» **EXERCISE**:
Would you print every entry below exactly as written, omitting the images?
________________________________________
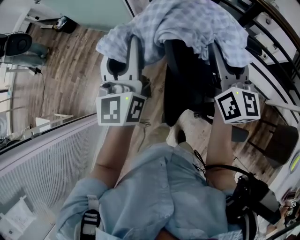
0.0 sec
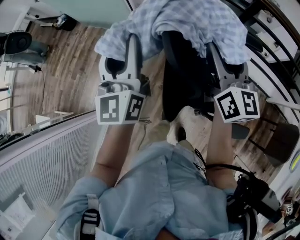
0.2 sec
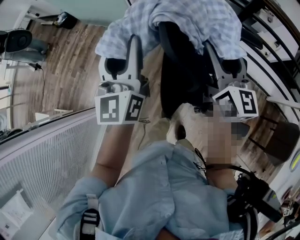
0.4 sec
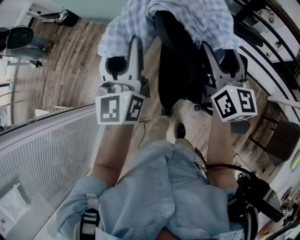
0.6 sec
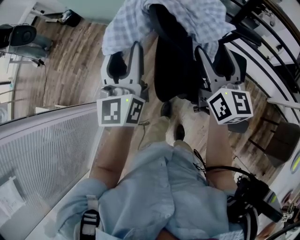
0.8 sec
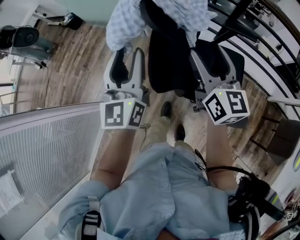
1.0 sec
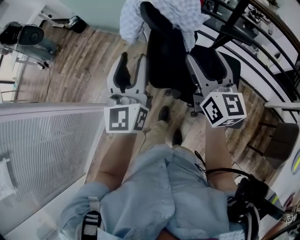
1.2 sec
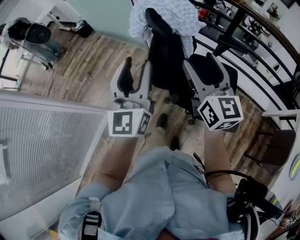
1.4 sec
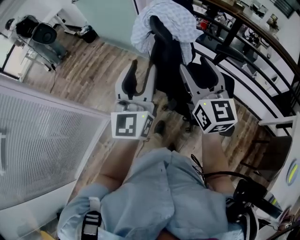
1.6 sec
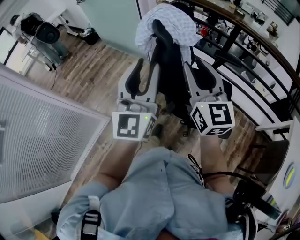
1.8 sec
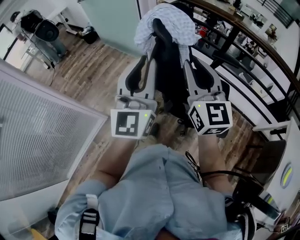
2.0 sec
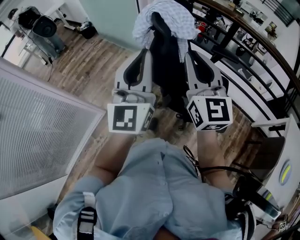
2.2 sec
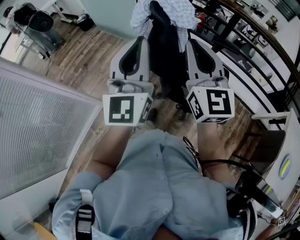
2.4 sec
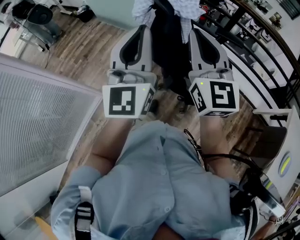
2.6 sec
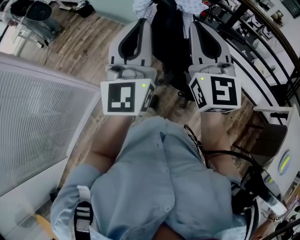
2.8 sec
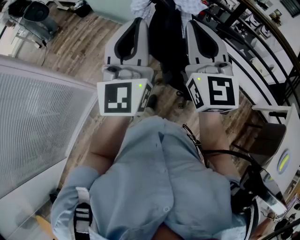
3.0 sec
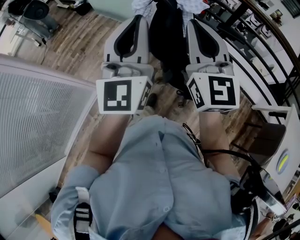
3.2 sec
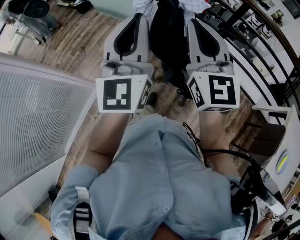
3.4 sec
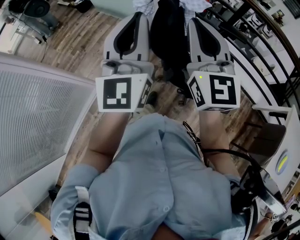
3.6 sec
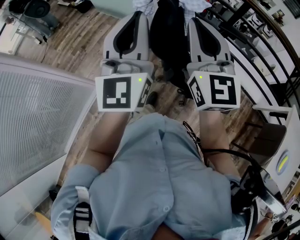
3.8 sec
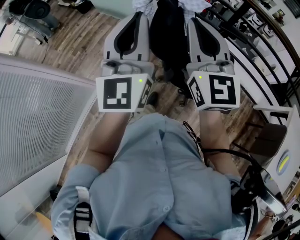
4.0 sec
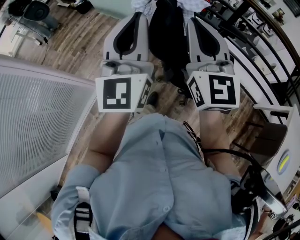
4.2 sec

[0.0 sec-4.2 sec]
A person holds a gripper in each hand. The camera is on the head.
0.0 sec to 1.4 sec: Both grippers move backward, approximately 20 cm.
1.4 sec to 2.8 sec: Both grippers move upward and backward, roughly 10 cm. The right gripper closes its fingers, while the left gripper closes.
2.8 sec to 4.2 sec: The grippers move only a little.
________________________________________
» **SOLUTION FOR THIS TASK**:
0.0 sec
0.2 sec
0.4 sec
0.6 sec
0.8 sec
1.0 sec
1.2 sec
1.4 sec
1.6 sec
1.8 sec
2.0 sec
2.2 sec
2.4 sec
2.6 sec
2.8 sec
3.0 sec
3.2 sec
3.4 sec
3.6 sec
3.8 sec
4.0 sec
4.2 sec

[0.0 sec-4.2 sec]
A person holds a gripper in each hand. The camera is on the head.
0.0 sec to 1.4 sec: Both grippers move backward, approximately 20 cm.
1.4 sec to 2.8 sec: Both grippers move upward and backward, roughly 10 cm. The right gripper closes its fingers, while the left gripper closes.
2.8 sec to 4.2 sec: The grippers move only a little.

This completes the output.